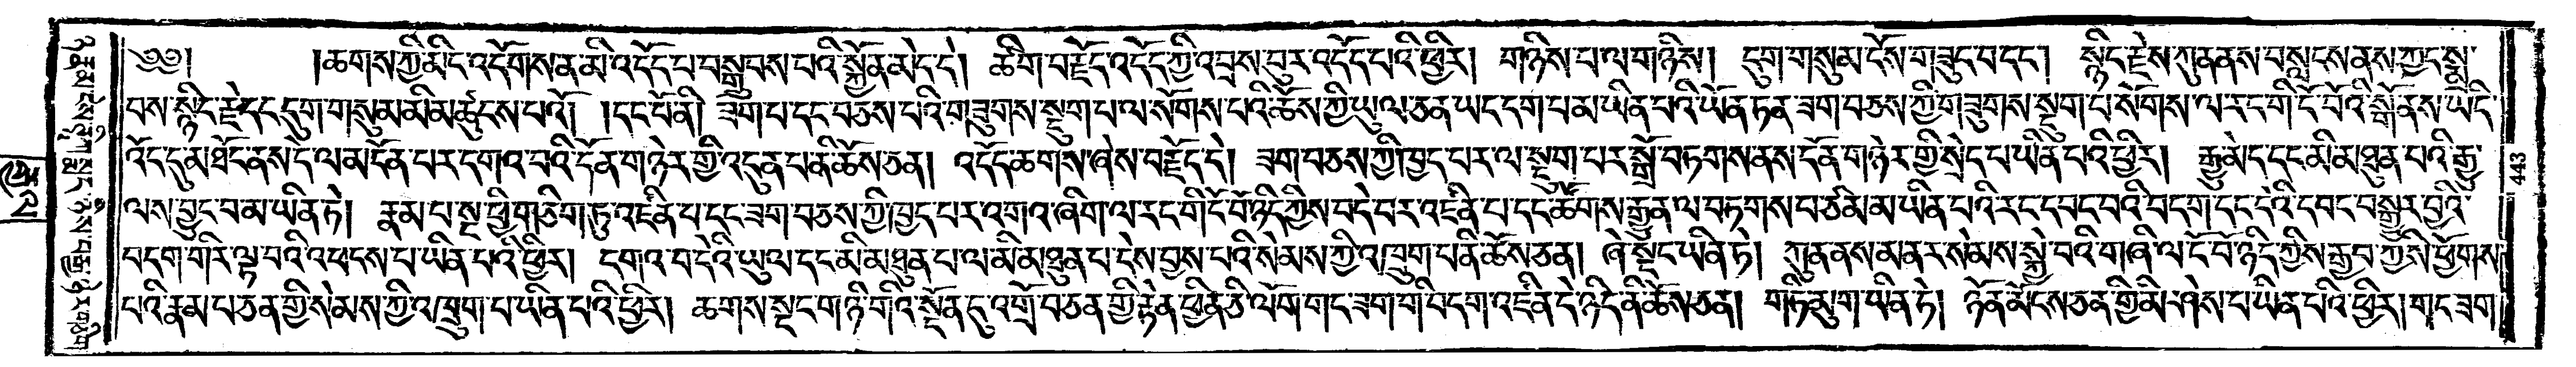༄༅། །ཆགས་ཀྱི་མིང་འདོགས་ན་མི་འདོད་པ་བསྒྲུབས་པའི་སྐྱོན་མེད་དེ། ཚིག་བརྗོད་འདོད་ཀྱི་འབྲས་བུར་འདོད་པའི་ཕྱིར། གཉིས་པ་ལ་གཉིས། དུག་གསུམ་ངོས་གཟུང་བ་དང་། སྙིང་རྗེས་ཀུན་ནས་བསླངས་ནས་ཀྱང་སྨྲ་
བས་སྙིང་རྗེ་དང་དུག་གསུམ་མི་མཚུངས་པའོ། །དང་པོ་ནི། ཟག་པ་དང་བཅས་པའི་གཟུགས་སྡུག་པ་ལ་སོགས་པའི་ཆོས་ཀྱི་ཡུལ་ཅན་ཡང་དག་པ་མ་ཡིན་པའི་ཡོན་ཏན་ཟག་བཅས་ཀྱི་གཟུགས་སྡུག་པ་སོགས་ལ་རང་གི་ངོ་བོའི་སྒོ་ནས་ཡིད་
འོང་དུ་མཐོང་ནས་དེ་ལ་མངོན་པར་དགའ་བའི་དོན་གཉེར་གྱི་འདུན་པ་ནི་ཆོས་ཅན། འདོད་ཆགས་ཞེས་བརྗོད་དེ། ཟག་བཅས་ཀྱི་ཁྱད་པར་ལ་སྡུག་པར་སྒྲོ་བཏགས་ནས་དོན་གཉེར་གྱི་སྲེད་པ་ཡིན་པའི་ཕྱིར། རྒྱུ་མེད་དང་མི་མཐུན་པའི་རྒྱུ་
ལས་བྱུང་བ་མ་ཡིན་ཏེ། རྣམ་པ་སྔ་ཕྱི་གཅིག་ཏུ་འཛིན་པ་དང་ཟག་བཅས་ཀྱི་ཁྱད་པར་འགའ་ཞིག་ལ་རང་གི་ངོ་བོ་ཉིད་ཀྱིས་བདེ་བར་འཛིན་པ་དང་ཚོགས་རྒྱུན་ལ་བཏགས་པ་ཙམ་མ་ཡིན་པའི་རང་དབང་བའི་བདག་དང་དེའི་དབང་བསྒྱུར་བྱའི་
བདག་གིར་ལྟ་བའི་འཕངས་པ་ཡིན་པའི་ཕྱིར། དགའ་བ་དེའི་ཡུལ་དང་མི་མཐུན་པ་ལ་མི་མཐུན་པ་དེས་བྱས་པའི་སེམས་ཀྱི་འཁྲུག་པ་ནི་ཆོས་ཅན། ཞེ་སྡང་ཡིན་ཏེ། ཀུན་ནས་མནར་སེམས་སྐྱེ་བའི་གཞི་ལ་ངོ་བོ་ཉིད་ཀྱིས་རྒྱབ་ཀྱིས་ཕྱོགས་
པའི་རྣམ་པ་ཅན་གྱི་སེམས་ཀྱི་འཁྲུག་པ་ཡིན་པའི་ཕྱིར། ཆགས་སྡང་གཉི་གའི་སྔོན་དུ་འགྲོ་བ་ཅན་གྱི་རྟེན་ཕྱིན་ཅི་ལོག་གང་ཟག་གི་བདག་འཛིན་དེ་ཉིད་ནི་ཆོས་ཅན། གཏི་མུག་ཡིན་ཏེ། ཉོན་མོངས་ཅན་གྱི་མི་ཤེས་པ་ཡིན་པའི་ཕྱིར། གང་ཟག་

------------

### Task instructions:
Give back only the lines from the one containing "ལས་བྱུང་བ་མ་ཡི" through the final line of the entries above, exactly as written, both included.

### Answer to this problem:
ལས་བྱུང་བ་མ་ཡིན་ཏེ། རྣམ་པ་སྔ་ཕྱི་གཅིག་ཏུ་འཛིན་པ་དང་ཟག་བཅས་ཀྱི་ཁྱད་པར་འགའ་ཞིག་ལ་རང་གི་ངོ་བོ་ཉིད་ཀྱིས་བདེ་བར་འཛིན་པ་དང་ཚོགས་རྒྱུན་ལ་བཏགས་པ་ཙམ་མ་ཡིན་པའི་རང་དབང་བའི་བདག་དང་དེའི་དབང་བསྒྱུར་བྱའི་
བདག་གིར་ལྟ་བའི་འཕངས་པ་ཡིན་པའི་ཕྱིར། དགའ་བ་དེའི་ཡུལ་དང་མི་མཐུན་པ་ལ་མི་མཐུན་པ་དེས་བྱས་པའི་སེམས་ཀྱི་འཁྲུག་པ་ནི་ཆོས་ཅན། ཞེ་སྡང་ཡིན་ཏེ། ཀུན་ནས་མནར་སེམས་སྐྱེ་བའི་གཞི་ལ་ངོ་བོ་ཉིད་ཀྱིས་རྒྱབ་ཀྱིས་ཕྱོགས་
པའི་རྣམ་པ་ཅན་གྱི་སེམས་ཀྱི་འཁྲུག་པ་ཡིན་པའི་ཕྱིར། ཆགས་སྡང་གཉི་གའི་སྔོན་དུ་འགྲོ་བ་ཅན་གྱི་རྟེན་ཕྱིན་ཅི་ལོག་གང་ཟག་གི་བདག་འཛིན་དེ་ཉིད་ནི་ཆོས་ཅན། གཏི་མུག་ཡིན་ཏེ། ཉོན་མོངས་ཅན་གྱི་མི་ཤེས་པ་ཡིན་པའི་ཕྱིར། གང་ཟག་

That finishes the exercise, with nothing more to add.